12. At a speed of 72 kmph A goods train is running and crosses a platform 250 m long in 26 seconds. What is the length of the freight train?
273 m
263 m
260 m
270 m
Answer: option D

Speed = (72 x 5/18) m/sec. = 20 m/s

Time = 26 sec.

∵ Let the length of the train be x metres

Then, x + 250/26 = 20

⟹ x + 250 = 520

⟹ x = 270.



13. A train with a speed of 108 km/h crosses a platform in 18 seconds and a person standing on the platform in 10 seconds. Find the length of the platform.
240 meters
247 meters
250 meters
245 meters
Answer: option A

Speed of train in m/s= 108 x 5/18 = 30 m/s

Length of the train = Speed x Time (time taken to cross the man)

= 30 x 10 = 300 meters

Now, the time taken to cross the platform is = Total distance covered/speed of train

Total distance covered = length of train + length of platform

Let the length of platform is X then the total distance = 300 + X

Speed of train = 30 m/s

Time = Distance/speed

⟹ 18 = 300 + X/30

⟹ 540 = 300 + X

⟹ 240 = X or X=240 meters



14. Two trains, each 100 m long, running in opposite directions, cross each other in 8 seconds. If one is moving at twice the speed of the other, then the speed of the faster train is:
65 km/hr
70 km/hr
60 km/hr
63 km/hr
Answer: option C

Let the speed of the slower train be x m/sec.

Then, speed of the faster train = 2x m/sec.

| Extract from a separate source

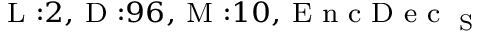
_ { \textrm { L } : 2 , \textrm { D } : 9 6 , \textrm { M } : 1 0 , \textrm { E n c D e c } _ { \textrm { S } } }
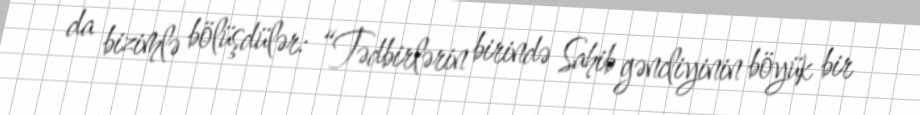
da bizimlə bölüşdülər: “Tədbirlərin birində Sahib gəncliyinin böyük bir

∵ Relative speed = (x + 2x) m/sec = 3x m/sec.

⟹ 100 + 100/8 = 3X

⟹ 24x = 200

⟹ x = 25/3

∵ So, speed of the faster train = 50/3 m/s

= (50/3 x 18/5) km/hr

= 60 km/hr.



15. A train moving at a speed of 108 km/h crosses a platform in 30 seconds. Then it crosses a man running at 12 km/h in the same direction of the train in 9 seconds. What is the length of the train and the platform?
252 & 647
250 & 645
240 & 660
245 & 640
Answer: option C

Let the length of train X meters and length of platform Y meters

Relative Speed of train relative to man = 108 − 12 = 96 km/hr

Relative Speed in m/sec = 96 x 5/18 = 480/18 = 80/3

The distance covered by train to cross the man is equal to its length. So, it is = X meters

∵ So, X = Relative Speed x Time (time taken to cross the man)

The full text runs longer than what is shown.